In the study, the investigators analyzed data collected by the federal government on some 345,000 residents of New England states. Even after excluding data from Vermont and Maine, which launched smaller-scale reforms, rising health metrics suggested a significant effect.

However, Van der Wees also acknowledges that Massachusetts is not Mississippi, an argument Romney now uses to justify opposition to similarly affordable health care made possible by the Affordable Care Act (ACA) of 2010. Last month, Romney told NBC's David Gregory on Meet the Press that health insurance costs were more expensive in Massachusetts. “The right way to deal with health care reform is not to have a one-size-fits-all plan that’s imposed on all the states, but recognizing the differences between different states’ populations, states should be able to craft their own plans to get all their citizens insured and to make sure that preexisting conditions are covered.”

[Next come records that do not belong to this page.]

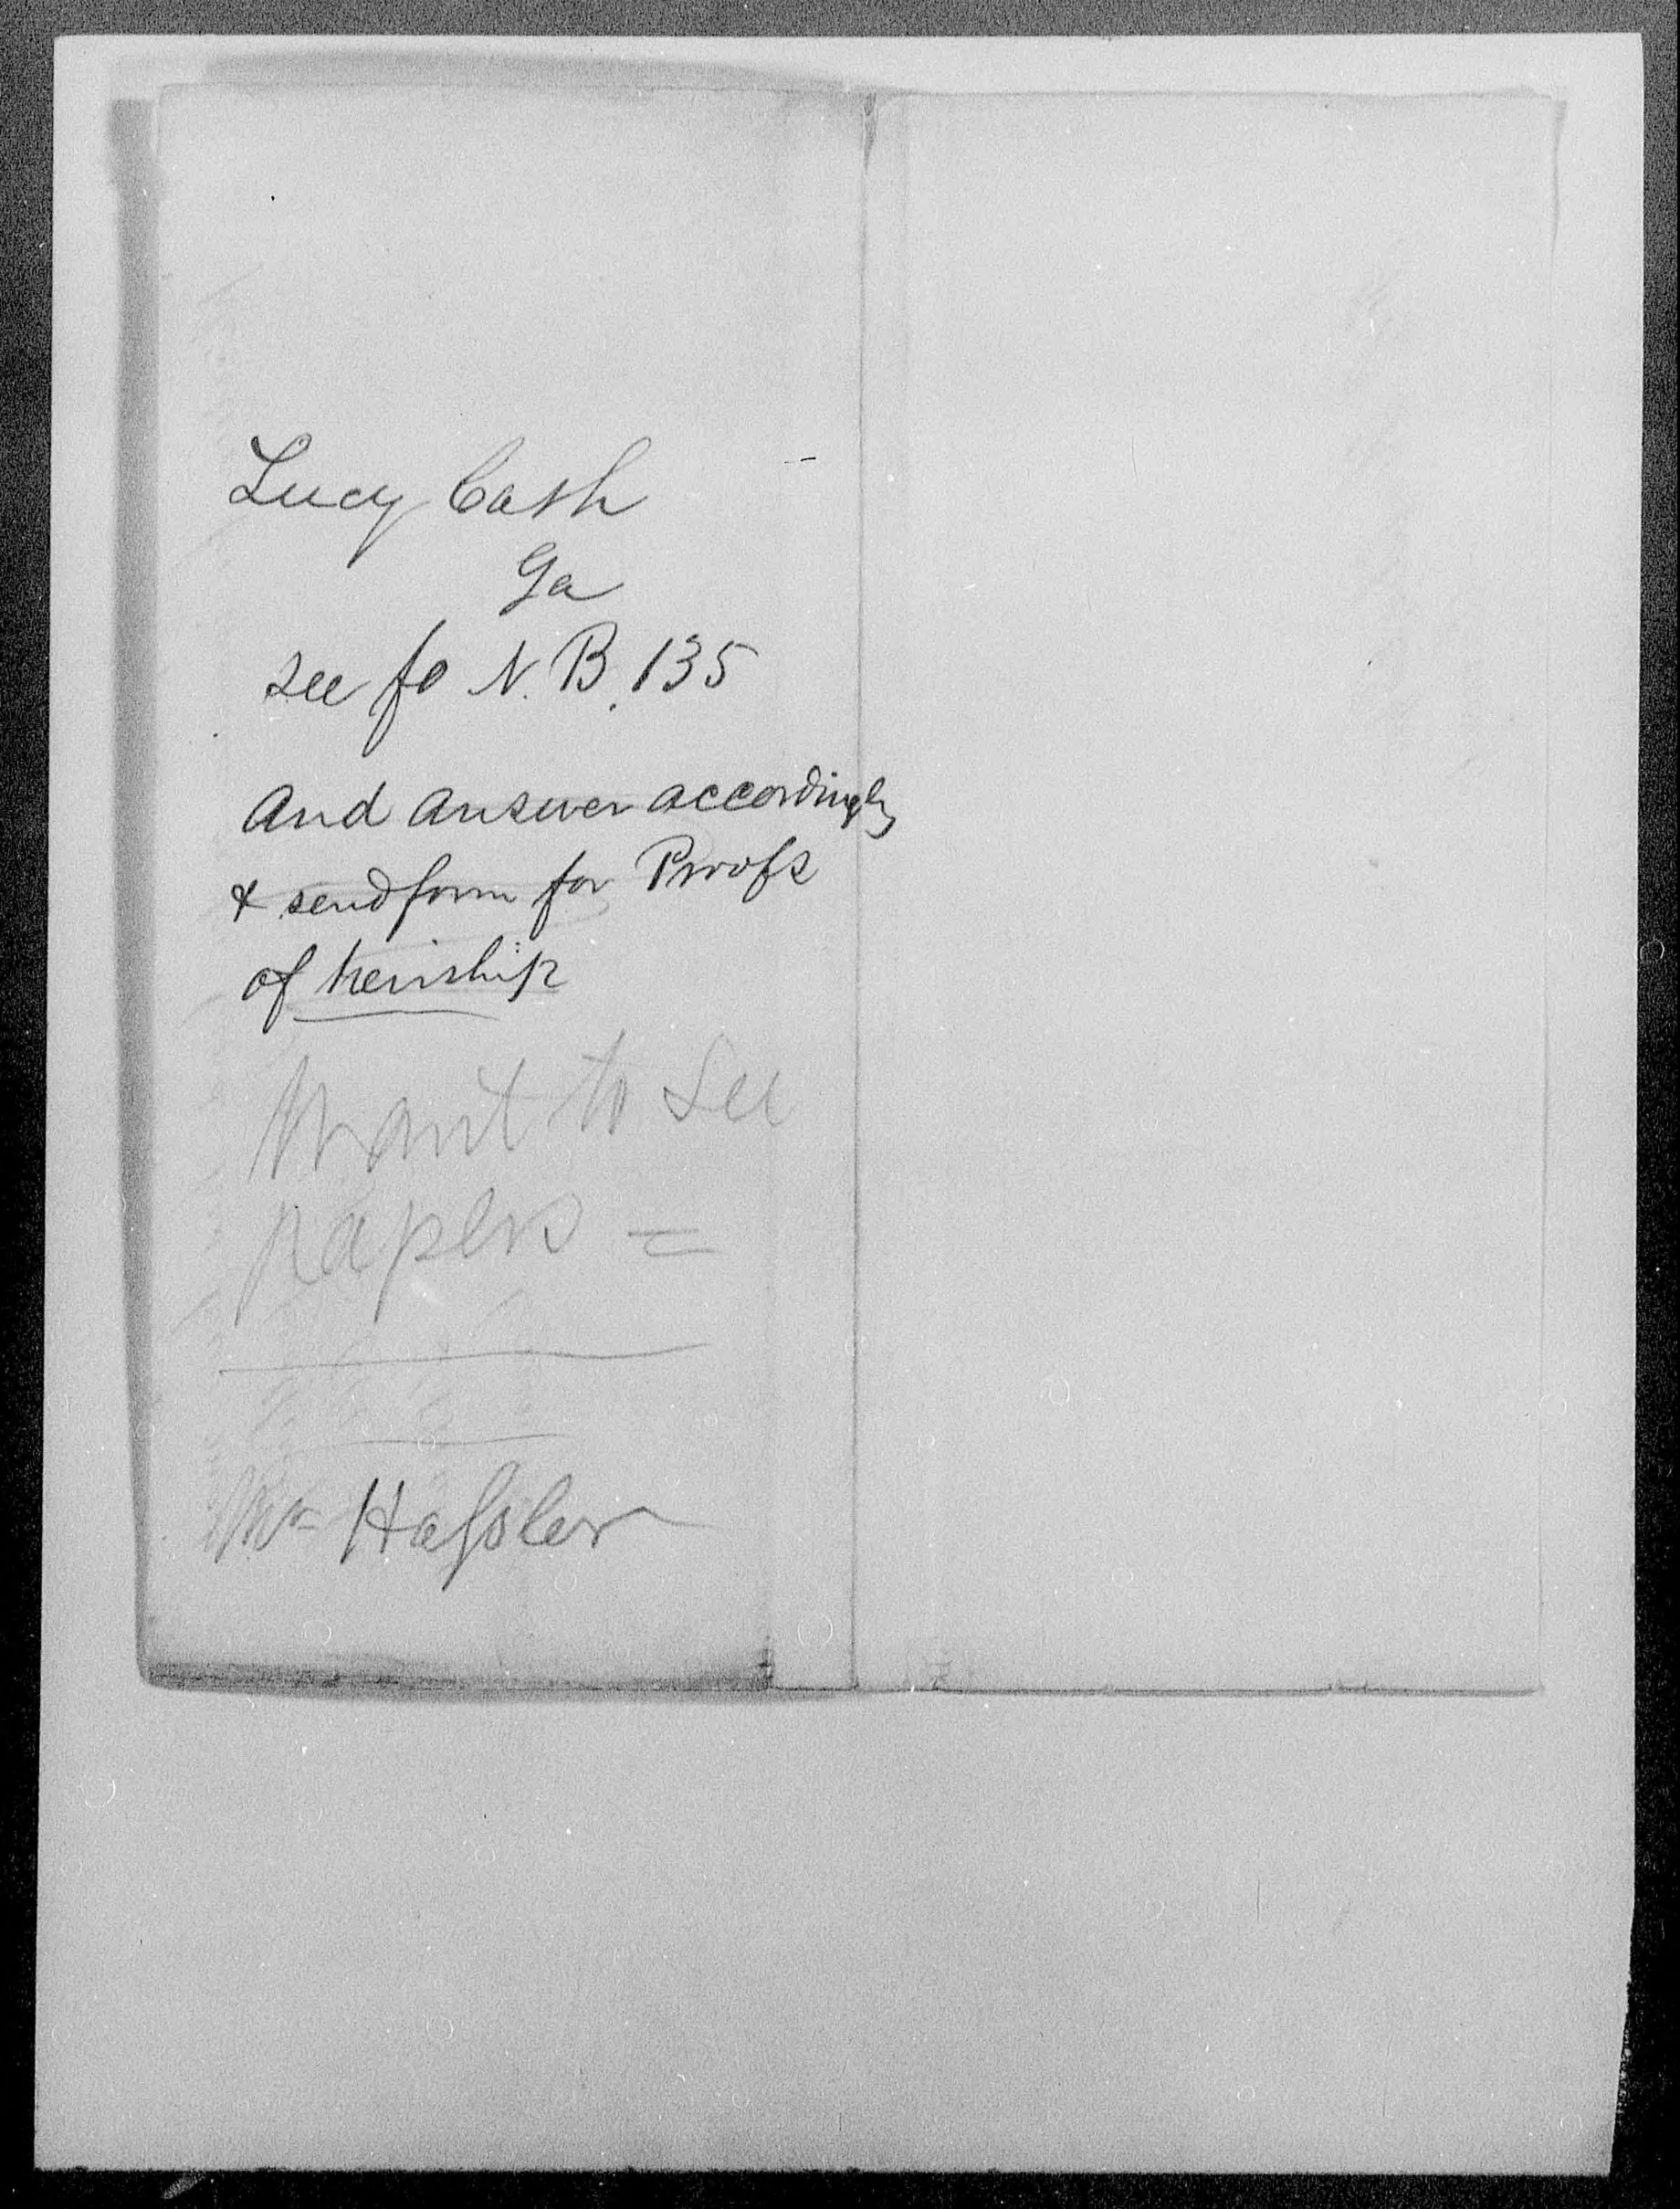Lucy Cash
Ga
see for N.B. 135
and answer accordingly
& send form for Proofs
of heirship
want to see
papers-
Mr. Hassler

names: Lucy Cash, Hassler
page: 35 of 73
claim: widow's
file: W. 5,894, John Cash, Va.

Van der Wees says that although Massachusetts began its experiment with a higher level of insurance than others, the state more or less provides a good model. “We found that people have gained in general, mental, and physical health, and that some preventive measures improved,” he said. “We would hope that this would be a blueprint for the rest of the U.S., though Massachusetts is not the average state, because it began from a higher level of insurance.”

Co-investigator John Z. Ayanian, now director of the University of Michigan Institute for Healthcare Policy and Innovation, likewise backed the possibility of government-supervised, market-based health care reform. "Our results demonstrate the potential benefits of health care reform in Massachusetts that may also be achieved through the implementation of the federal [ACA]," he said. "And, just as with the ACA, the impact of broader health insurance coverage in Massachusetts is intertwined with the effects of numerous efforts in the public and private sector to improve health care quality and contain costs.”

Although conservatives continue to predict the failure of affordable health care insurance reform, Obama looks to Massachusetts. “The worst predictions about health care reform in Massachusetts never came true,” Obama said in late October. “They’re the same arguments that you’re hearing now… and it’s because you guys had a proven model that we built the Affordable Care Act on this template of proven, bipartisan success. Your law was the model for the nation’s law.”